Exercise inputs below:

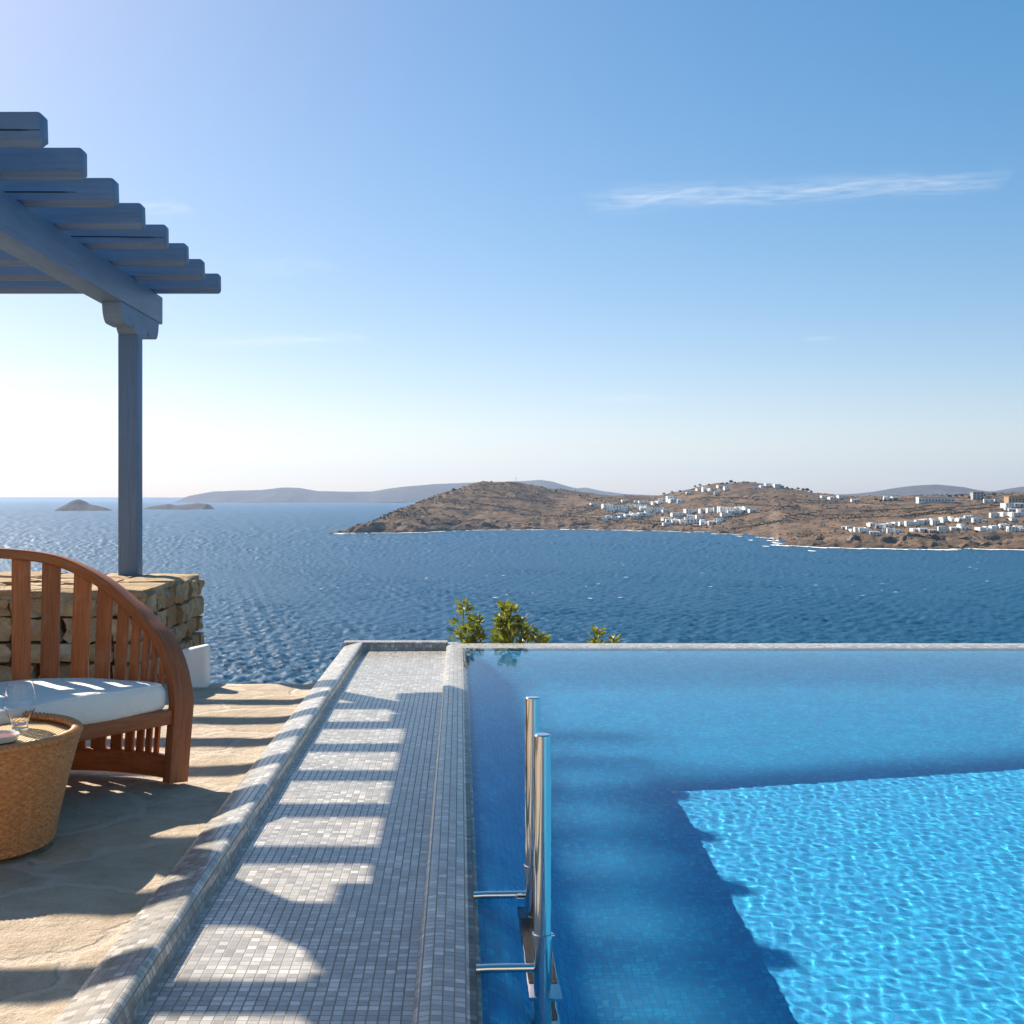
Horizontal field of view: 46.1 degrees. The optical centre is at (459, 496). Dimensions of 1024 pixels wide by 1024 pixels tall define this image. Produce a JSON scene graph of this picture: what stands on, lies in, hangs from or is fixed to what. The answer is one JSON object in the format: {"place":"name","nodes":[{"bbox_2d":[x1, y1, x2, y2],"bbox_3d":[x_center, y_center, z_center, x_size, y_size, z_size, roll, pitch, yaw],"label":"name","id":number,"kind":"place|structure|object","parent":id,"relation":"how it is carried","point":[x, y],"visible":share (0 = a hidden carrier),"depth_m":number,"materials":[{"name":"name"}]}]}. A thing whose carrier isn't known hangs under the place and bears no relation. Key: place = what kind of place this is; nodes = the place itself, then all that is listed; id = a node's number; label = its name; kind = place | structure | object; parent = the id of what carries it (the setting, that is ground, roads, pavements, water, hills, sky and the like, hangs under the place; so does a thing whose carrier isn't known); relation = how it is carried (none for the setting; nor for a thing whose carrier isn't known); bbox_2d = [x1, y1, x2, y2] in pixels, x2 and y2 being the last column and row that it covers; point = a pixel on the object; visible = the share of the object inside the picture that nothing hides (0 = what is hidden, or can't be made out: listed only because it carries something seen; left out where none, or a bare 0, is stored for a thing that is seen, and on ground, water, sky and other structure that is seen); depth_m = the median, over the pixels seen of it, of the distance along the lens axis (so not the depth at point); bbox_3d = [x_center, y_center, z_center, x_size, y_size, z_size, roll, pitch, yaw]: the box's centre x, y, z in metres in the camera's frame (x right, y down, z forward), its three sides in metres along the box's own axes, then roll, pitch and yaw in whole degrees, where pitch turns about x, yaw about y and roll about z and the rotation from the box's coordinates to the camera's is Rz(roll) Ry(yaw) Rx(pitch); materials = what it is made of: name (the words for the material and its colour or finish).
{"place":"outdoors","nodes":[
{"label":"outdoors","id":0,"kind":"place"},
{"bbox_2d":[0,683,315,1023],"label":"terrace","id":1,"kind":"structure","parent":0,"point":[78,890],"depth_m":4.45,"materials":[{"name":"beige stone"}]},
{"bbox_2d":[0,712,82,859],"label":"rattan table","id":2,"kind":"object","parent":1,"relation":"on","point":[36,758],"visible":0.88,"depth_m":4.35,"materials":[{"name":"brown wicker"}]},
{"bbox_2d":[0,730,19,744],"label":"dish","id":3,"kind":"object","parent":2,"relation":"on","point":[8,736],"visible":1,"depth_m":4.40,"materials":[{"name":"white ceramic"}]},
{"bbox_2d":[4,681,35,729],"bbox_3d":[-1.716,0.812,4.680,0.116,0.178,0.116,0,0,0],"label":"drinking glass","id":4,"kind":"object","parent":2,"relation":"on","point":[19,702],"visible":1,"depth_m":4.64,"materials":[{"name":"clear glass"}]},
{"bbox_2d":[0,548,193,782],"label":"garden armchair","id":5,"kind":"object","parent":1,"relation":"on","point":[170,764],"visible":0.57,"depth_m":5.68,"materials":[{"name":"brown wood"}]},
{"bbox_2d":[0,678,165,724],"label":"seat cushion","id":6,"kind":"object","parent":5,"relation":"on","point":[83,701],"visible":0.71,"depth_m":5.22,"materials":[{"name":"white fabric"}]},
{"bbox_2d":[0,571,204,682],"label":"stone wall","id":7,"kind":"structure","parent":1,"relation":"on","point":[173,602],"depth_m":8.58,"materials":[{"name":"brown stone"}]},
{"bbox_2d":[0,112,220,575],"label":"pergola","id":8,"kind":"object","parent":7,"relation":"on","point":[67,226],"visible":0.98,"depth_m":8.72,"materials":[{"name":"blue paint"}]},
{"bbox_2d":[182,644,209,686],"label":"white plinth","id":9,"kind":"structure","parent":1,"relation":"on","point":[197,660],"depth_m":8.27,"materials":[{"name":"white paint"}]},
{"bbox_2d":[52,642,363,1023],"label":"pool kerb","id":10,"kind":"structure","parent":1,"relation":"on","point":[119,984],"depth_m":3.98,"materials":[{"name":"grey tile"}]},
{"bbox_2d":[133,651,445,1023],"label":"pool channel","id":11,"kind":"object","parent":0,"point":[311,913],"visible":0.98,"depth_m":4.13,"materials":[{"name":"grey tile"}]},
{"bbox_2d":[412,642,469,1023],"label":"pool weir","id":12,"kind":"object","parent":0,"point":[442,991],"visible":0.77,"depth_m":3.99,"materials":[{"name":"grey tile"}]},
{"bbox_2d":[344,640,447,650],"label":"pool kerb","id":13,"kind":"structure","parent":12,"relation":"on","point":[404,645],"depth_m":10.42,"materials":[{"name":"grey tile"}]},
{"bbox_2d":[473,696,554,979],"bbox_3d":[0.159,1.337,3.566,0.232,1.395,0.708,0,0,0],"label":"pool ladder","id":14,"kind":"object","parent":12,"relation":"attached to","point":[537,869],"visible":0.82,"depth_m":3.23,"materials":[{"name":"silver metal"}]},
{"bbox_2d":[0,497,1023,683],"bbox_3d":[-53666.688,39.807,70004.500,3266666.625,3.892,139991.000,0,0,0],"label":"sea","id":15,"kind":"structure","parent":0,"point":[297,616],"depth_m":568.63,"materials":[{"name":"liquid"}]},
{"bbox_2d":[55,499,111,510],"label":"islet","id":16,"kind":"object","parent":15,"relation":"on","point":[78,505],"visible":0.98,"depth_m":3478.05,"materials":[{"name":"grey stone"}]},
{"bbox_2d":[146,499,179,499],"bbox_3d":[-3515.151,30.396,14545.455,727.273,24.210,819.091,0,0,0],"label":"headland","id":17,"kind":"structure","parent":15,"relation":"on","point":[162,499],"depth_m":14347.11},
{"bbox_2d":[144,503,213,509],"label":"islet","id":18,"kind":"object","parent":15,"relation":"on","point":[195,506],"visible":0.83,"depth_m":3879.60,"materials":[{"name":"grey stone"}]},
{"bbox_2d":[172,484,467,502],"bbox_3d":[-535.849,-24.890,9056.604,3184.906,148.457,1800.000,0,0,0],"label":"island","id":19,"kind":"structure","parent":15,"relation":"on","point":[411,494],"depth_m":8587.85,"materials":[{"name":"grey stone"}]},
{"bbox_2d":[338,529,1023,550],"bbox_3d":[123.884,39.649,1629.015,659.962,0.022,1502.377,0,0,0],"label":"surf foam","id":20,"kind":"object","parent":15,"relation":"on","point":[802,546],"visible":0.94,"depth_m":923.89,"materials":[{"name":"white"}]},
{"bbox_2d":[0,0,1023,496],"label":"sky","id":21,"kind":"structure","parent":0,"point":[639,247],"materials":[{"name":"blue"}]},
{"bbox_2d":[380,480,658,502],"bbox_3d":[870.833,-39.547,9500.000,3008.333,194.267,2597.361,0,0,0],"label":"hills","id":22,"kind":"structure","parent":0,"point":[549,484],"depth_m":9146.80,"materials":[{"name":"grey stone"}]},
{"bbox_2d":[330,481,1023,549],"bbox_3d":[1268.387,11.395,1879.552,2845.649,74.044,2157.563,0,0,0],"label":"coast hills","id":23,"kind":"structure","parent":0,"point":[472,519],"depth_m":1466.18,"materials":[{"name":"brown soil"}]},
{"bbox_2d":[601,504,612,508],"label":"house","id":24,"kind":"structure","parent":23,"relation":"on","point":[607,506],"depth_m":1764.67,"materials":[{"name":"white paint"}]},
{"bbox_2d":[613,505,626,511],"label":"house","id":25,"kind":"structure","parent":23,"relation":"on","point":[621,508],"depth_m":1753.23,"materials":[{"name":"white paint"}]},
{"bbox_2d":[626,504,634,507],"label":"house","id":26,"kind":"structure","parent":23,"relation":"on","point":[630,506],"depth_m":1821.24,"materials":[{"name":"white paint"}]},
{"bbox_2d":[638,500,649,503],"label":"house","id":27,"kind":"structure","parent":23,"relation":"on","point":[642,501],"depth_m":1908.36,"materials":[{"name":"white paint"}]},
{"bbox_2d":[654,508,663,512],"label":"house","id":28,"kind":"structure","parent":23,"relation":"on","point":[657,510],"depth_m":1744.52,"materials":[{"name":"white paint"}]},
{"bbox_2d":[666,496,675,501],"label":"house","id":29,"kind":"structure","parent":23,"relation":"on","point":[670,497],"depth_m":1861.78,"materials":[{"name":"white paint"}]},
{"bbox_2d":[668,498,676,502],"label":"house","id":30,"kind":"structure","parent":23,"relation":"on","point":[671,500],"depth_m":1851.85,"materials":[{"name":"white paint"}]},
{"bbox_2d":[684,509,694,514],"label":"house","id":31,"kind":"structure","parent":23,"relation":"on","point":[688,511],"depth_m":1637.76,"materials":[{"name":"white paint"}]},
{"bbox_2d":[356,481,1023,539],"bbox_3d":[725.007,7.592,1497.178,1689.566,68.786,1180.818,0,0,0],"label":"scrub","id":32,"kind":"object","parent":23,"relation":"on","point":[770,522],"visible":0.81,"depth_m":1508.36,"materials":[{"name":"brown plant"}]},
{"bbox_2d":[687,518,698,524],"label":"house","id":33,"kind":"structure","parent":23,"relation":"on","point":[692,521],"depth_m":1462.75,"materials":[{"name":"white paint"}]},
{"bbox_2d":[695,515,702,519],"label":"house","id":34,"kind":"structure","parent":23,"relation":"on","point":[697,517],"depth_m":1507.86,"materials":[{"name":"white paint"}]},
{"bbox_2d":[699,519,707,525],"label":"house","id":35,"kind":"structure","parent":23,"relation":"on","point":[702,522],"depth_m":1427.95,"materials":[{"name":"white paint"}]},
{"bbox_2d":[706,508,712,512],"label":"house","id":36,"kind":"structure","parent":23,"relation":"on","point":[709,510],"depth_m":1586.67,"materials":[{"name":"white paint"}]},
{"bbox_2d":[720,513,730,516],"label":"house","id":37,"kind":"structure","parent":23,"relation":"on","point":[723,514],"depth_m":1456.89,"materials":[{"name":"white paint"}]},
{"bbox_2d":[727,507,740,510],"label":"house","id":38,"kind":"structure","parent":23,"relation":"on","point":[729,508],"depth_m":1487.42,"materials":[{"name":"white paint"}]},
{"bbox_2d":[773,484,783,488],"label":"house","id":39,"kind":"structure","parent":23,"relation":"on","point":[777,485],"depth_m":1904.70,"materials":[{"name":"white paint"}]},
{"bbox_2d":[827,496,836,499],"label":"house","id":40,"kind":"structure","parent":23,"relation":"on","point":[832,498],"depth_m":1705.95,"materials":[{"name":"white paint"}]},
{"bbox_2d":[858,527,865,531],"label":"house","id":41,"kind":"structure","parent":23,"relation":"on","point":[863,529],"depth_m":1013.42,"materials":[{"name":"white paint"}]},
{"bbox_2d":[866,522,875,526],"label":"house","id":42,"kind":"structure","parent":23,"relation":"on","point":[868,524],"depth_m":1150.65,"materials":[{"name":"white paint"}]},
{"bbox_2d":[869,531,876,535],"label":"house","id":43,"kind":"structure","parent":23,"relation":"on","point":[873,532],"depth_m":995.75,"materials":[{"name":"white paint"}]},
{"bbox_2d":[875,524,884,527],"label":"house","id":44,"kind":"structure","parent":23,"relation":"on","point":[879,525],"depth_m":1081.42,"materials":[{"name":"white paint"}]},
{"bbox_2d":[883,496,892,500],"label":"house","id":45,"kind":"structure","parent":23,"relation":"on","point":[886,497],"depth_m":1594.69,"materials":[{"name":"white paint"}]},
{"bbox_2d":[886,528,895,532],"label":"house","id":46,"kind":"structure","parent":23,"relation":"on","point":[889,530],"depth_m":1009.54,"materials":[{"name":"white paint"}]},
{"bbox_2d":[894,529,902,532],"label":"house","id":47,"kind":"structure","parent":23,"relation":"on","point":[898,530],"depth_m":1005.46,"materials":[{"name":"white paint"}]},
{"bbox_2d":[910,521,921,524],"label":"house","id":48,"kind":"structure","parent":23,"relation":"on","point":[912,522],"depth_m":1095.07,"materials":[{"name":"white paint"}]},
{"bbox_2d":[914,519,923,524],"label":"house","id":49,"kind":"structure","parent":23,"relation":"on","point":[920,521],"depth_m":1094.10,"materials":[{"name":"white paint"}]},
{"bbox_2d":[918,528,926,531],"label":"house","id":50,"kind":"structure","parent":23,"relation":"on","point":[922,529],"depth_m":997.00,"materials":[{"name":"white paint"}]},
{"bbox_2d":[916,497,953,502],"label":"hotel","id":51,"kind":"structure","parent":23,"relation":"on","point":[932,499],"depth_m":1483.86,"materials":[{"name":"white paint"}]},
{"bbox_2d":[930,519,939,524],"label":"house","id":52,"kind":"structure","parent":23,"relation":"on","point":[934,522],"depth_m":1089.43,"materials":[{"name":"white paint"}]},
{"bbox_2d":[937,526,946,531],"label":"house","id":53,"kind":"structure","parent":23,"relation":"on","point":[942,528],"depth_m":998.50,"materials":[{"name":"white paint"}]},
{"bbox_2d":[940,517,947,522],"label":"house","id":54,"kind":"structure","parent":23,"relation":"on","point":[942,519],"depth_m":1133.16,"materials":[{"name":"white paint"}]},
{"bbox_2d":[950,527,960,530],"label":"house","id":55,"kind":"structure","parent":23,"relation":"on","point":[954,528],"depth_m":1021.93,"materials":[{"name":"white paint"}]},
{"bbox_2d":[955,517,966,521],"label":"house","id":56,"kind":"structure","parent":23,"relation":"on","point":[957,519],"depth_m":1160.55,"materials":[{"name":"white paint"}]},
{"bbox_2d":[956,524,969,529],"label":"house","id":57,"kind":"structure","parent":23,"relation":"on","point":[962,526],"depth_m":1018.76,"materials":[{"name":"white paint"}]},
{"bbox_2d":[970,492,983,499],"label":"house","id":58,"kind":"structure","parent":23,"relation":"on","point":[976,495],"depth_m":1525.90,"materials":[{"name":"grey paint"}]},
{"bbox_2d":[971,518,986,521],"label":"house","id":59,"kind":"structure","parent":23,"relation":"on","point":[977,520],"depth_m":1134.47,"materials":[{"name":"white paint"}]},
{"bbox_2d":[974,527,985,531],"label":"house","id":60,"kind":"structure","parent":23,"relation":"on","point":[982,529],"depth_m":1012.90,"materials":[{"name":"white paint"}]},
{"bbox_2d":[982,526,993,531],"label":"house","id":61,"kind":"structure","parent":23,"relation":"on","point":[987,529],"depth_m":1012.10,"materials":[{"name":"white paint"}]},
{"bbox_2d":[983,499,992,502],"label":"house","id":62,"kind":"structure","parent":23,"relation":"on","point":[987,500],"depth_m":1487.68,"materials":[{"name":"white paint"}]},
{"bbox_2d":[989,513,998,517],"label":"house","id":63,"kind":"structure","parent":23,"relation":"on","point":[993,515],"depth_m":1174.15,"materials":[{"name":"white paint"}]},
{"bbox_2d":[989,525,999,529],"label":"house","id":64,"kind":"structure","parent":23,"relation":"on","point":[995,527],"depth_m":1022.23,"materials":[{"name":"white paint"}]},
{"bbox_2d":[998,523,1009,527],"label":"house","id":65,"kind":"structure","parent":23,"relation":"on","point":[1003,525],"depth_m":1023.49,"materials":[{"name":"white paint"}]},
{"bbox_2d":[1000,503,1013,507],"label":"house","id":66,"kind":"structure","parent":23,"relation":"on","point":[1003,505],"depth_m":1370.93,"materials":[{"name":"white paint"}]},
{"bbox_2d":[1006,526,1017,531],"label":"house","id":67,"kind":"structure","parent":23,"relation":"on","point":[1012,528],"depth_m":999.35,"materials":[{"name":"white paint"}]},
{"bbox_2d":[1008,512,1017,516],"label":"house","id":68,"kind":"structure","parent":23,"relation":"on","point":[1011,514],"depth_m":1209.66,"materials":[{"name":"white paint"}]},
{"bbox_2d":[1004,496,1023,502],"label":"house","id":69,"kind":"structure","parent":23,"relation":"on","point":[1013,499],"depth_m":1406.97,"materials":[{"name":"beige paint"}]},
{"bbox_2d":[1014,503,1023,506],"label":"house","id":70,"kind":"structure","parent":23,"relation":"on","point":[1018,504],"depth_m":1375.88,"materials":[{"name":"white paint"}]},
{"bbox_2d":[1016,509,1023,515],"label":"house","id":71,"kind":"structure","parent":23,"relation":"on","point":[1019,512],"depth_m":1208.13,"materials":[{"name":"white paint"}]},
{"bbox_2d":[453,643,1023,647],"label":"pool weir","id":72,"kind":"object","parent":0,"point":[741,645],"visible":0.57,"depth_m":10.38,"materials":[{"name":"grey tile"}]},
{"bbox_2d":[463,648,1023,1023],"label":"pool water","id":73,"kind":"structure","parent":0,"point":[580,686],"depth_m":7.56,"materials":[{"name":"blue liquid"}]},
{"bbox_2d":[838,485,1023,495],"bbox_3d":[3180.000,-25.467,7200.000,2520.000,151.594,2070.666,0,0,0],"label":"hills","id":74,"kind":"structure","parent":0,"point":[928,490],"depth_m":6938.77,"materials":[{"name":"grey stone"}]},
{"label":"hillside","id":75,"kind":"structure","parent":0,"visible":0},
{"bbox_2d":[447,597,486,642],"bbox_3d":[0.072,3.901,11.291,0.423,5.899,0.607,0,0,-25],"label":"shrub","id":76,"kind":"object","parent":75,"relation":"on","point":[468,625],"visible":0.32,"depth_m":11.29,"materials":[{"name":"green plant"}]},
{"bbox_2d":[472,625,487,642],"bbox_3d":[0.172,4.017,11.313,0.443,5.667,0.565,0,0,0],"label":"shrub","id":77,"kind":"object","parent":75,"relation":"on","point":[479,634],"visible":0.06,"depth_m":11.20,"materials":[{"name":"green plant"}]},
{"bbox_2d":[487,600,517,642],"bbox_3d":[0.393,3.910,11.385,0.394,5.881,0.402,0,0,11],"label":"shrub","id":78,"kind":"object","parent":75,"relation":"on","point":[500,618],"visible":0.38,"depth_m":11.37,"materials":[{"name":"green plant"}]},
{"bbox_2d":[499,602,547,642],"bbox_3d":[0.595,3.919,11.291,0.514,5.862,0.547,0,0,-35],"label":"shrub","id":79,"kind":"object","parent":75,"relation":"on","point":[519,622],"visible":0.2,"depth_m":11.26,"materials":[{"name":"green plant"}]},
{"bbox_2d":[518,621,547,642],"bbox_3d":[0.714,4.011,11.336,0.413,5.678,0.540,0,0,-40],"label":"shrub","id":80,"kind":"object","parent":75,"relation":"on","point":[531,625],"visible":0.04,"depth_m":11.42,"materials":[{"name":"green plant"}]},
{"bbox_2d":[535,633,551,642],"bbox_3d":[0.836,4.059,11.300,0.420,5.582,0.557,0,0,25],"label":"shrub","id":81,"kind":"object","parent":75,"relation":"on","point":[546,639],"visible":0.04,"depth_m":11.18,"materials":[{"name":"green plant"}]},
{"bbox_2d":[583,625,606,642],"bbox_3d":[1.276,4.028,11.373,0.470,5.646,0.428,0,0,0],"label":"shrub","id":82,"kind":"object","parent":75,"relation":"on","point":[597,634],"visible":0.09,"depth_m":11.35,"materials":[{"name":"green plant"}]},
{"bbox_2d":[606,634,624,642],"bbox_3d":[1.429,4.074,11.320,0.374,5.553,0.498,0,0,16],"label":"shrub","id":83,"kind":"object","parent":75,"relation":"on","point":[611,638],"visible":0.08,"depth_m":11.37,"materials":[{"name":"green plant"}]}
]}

End of Exercise inputs.
Exercise inputs below:

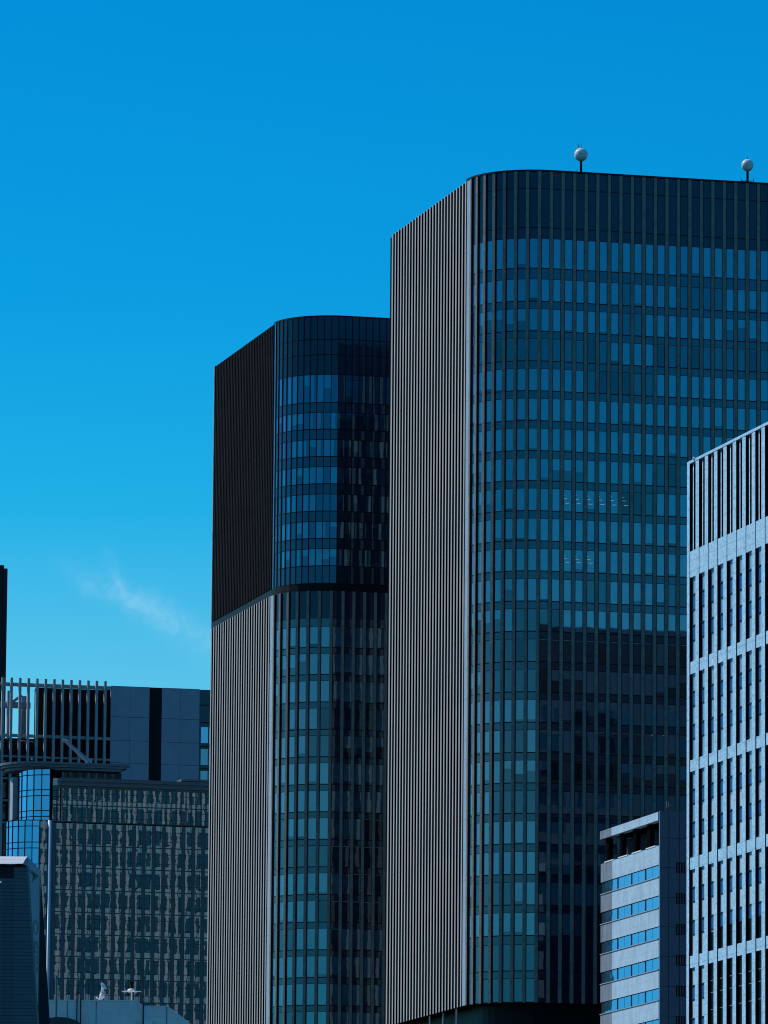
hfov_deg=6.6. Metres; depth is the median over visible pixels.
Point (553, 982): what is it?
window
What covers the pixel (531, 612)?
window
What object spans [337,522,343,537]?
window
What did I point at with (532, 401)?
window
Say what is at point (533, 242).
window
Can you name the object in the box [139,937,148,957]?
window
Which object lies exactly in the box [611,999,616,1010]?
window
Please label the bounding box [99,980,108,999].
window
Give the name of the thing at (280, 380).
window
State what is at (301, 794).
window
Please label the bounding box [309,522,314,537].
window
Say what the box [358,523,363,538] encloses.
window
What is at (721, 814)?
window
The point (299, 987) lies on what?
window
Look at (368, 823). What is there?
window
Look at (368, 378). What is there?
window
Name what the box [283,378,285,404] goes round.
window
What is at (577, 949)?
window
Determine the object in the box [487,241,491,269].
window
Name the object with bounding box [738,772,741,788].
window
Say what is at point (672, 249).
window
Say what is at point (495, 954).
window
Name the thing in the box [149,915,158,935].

End of Exercise inputs.

▶ Problem details
From the records above, transcribe exactly the run of lines that opens with the line holding "The point (299, 987) lies on what?" and closes with the line holding "Name the thing in the box [149,915,158,935].", both included.

▶ Task answer
The point (299, 987) lies on what?
window
Look at (368, 823). What is there?
window
Look at (368, 378). What is there?
window
Name what the box [283,378,285,404] goes round.
window
What is at (577, 949)?
window
Determine the object in the box [487,241,491,269].
window
Name the object with bounding box [738,772,741,788].
window
Say what is at point (672, 249).
window
Say what is at point (495, 954).
window
Name the thing in the box [149,915,158,935].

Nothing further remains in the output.